I had always fancied myself a Southerner, that there had been some mistake in my heritage and that by rights I should have been born in Pensacola where I was conceived instead of a Rhode Island Naval Base. We moved to Pittsburgh and as a youngster I would return from summer camp in North Carolina sporting a full-fledged drawl for about a week before it was usurped by my ancestral midwest dialect. But the South always beckoned with the lure of palms and slow easy pace.
My first true attempt at becoming a Southerner took me to Miami, which doesn't really qualify. It was Daytona that caught my eye everytime I passed that big old track, those wide-spread oaks, that southern hospitality. After 6 years of passing it, I finally stopped, and nowhere has ever felt more like home.
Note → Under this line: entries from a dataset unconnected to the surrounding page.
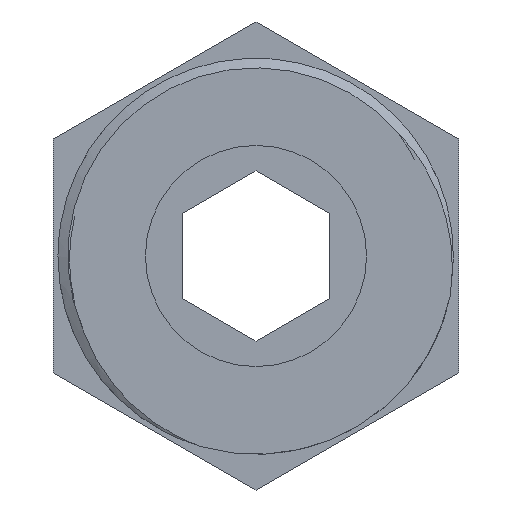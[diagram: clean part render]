
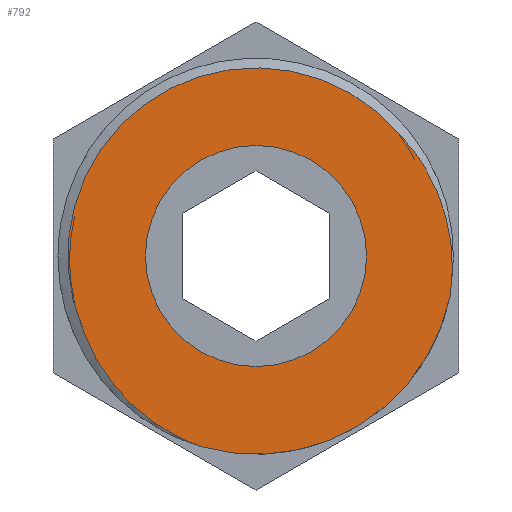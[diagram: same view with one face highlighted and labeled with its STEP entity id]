
A CAD part, front view. The second image highlights one B-rep face of the part: STEP entity #792.
In plain terms, the highlighted planar face has unit normal (0, -1, 0).
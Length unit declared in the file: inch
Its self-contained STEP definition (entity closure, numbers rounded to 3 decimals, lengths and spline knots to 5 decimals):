
#57=FACE_BOUND('',#184,.T.);
#80=PLANE('',#886);
#128=FACE_OUTER_BOUND('',#183,.T.);
#183=EDGE_LOOP('',(#717,#718,#719,#720));
#184=EDGE_LOOP('',(#721));
#211=CIRCLE('',#879,0.25533);
#212=CIRCLE('',#881,0.26911);
#213=CIRCLE('',#883,0.15);
#243=B_SPLINE_CURVE_WITH_KNOTS('',3,(#4910,#4911,#4912,#4913,#4914,#4915,
#4916,#4917),.UNSPECIFIED.,.F.,.F.,(4,2,2,4),(0.00014,0.26632,
0.49444,0.55451),.UNSPECIFIED.);
#246=B_SPLINE_CURVE_WITH_KNOTS('',3,(#5853,#5854,#5855,#5856,#5857,#5858,
#5859,#5860),.UNSPECIFIED.,.F.,.F.,(4,2,2,4),(0.43902,0.57995,
0.7805,0.94034),.UNSPECIFIED.);
#410=VERTEX_POINT('',#4078);
#411=VERTEX_POINT('',#4079);
#412=VERTEX_POINT('',#4909);
#413=VERTEX_POINT('',#4975);
#414=VERTEX_POINT('',#5862);
#508=EDGE_CURVE('',#410,#411,#211,.T.);
#511=EDGE_CURVE('',#412,#410,#243,.T.);
#513=EDGE_CURVE('',#413,#412,#212,.T.);
#515=EDGE_CURVE('',#411,#413,#246,.T.);
#516=EDGE_CURVE('',#414,#414,#213,.T.);
#717=ORIENTED_EDGE('',*,*,#513,.T.);
#718=ORIENTED_EDGE('',*,*,#511,.T.);
#719=ORIENTED_EDGE('',*,*,#508,.T.);
#720=ORIENTED_EDGE('',*,*,#515,.T.);
#721=ORIENTED_EDGE('',*,*,#516,.T.);
#792=ADVANCED_FACE('',(#128,#57),#80,.F.);
#879=AXIS2_PLACEMENT_3D('',#4080,#1065,#1066);
#881=AXIS2_PLACEMENT_3D('',#4976,#1069,#1070);
#883=AXIS2_PLACEMENT_3D('',#5863,#1073,#1074);
#886=AXIS2_PLACEMENT_3D('',#5868,#1080,#1081);
#1065=DIRECTION('center_axis',(0.,-1.,0.));
#1066=DIRECTION('ref_axis',(1.,0.,0.));
#1069=DIRECTION('center_axis',(0.,-1.,0.));
#1070=DIRECTION('ref_axis',(1.,0.,0.));
#1073=DIRECTION('center_axis',(0.,1.,0.));
#1074=DIRECTION('ref_axis',(1.,0.,0.));
#1080=DIRECTION('center_axis',(0.,1.,0.));
#1081=DIRECTION('ref_axis',(1.,0.,0.));
#4078=CARTESIAN_POINT('',(0.19267,0.,0.16754));
#4079=CARTESIAN_POINT('',(-0.23475,0.,-0.10042));
#4080=CARTESIAN_POINT('Origin',(0.,0.,0.));
#4909=CARTESIAN_POINT('',(0.26369,0.,-0.05372));
#4910=CARTESIAN_POINT('Ctrl Pts',(0.26369,0.,
-0.05372));
#4911=CARTESIAN_POINT('Ctrl Pts',(0.26875,0.,
-0.01916));
#4912=CARTESIAN_POINT('Ctrl Pts',(0.26705,0.,
0.01585));
#4913=CARTESIAN_POINT('Ctrl Pts',(0.25116,0.,
0.07877));
#4914=CARTESIAN_POINT('Ctrl Pts',(0.23788,0.,
0.11071));
#4915=CARTESIAN_POINT('Ctrl Pts',(0.2091,0.,
0.14935));
#4916=CARTESIAN_POINT('Ctrl Pts',(0.20169,0.,
0.15832));
#4917=CARTESIAN_POINT('Ctrl Pts',(0.19267,0.,
0.16754));
#4975=CARTESIAN_POINT('',(-0.075,0.,-0.25845));
#4976=CARTESIAN_POINT('Origin',(0.,0.,0.));
#5853=CARTESIAN_POINT('Ctrl Pts',(-0.23475,0.,
-0.10042));
#5854=CARTESIAN_POINT('Ctrl Pts',(-0.22964,0.,
-0.11471));
#5855=CARTESIAN_POINT('Ctrl Pts',(-0.22324,0.,
-0.12855));
#5856=CARTESIAN_POINT('Ctrl Pts',(-0.20475,0.,
-0.16071));
#5857=CARTESIAN_POINT('Ctrl Pts',(-0.18655,0.,
-0.18714));
#5858=CARTESIAN_POINT('Ctrl Pts',(-0.13224,0.,
-0.23226));
#5859=CARTESIAN_POINT('Ctrl Pts',(-0.10465,0.,
-0.24796));
#5860=CARTESIAN_POINT('Ctrl Pts',(-0.075,0.,
-0.25845));
#5862=CARTESIAN_POINT('',(-0.15,0.,0.));
#5863=CARTESIAN_POINT('Origin',(0.,0.,0.));
#5868=CARTESIAN_POINT('Origin',(0.,0.,0.));

I had followed a boy here. He's now a man and my husband of several very sweet decades. He was from the West Coast - California, not Clearwater. But a hard-working boy who knew orchards and orange groves, cattle and callouses.
We talked about moving back out west as we settled into a small southern town west of Daytona. We discovered golf and community life. We thought less and less about moving away as we found a beautiful Florida fernery, untended, vine-ridden, calling our names. It had been in the Clifton family before us, famous in these parts for cut foliage and sod before the Cliftons branched out into golf course design.
And so we are Southerners. Property Owners. Fretting on how best to tend our small piece of paradise - an acre of fern, a few Cabbage Palms, tangerines and live oaks, cherry laurels and some camphor trees from out of town - invading species they are sometimes called, hard to get rid of - just like us - settling in, Southern by choice.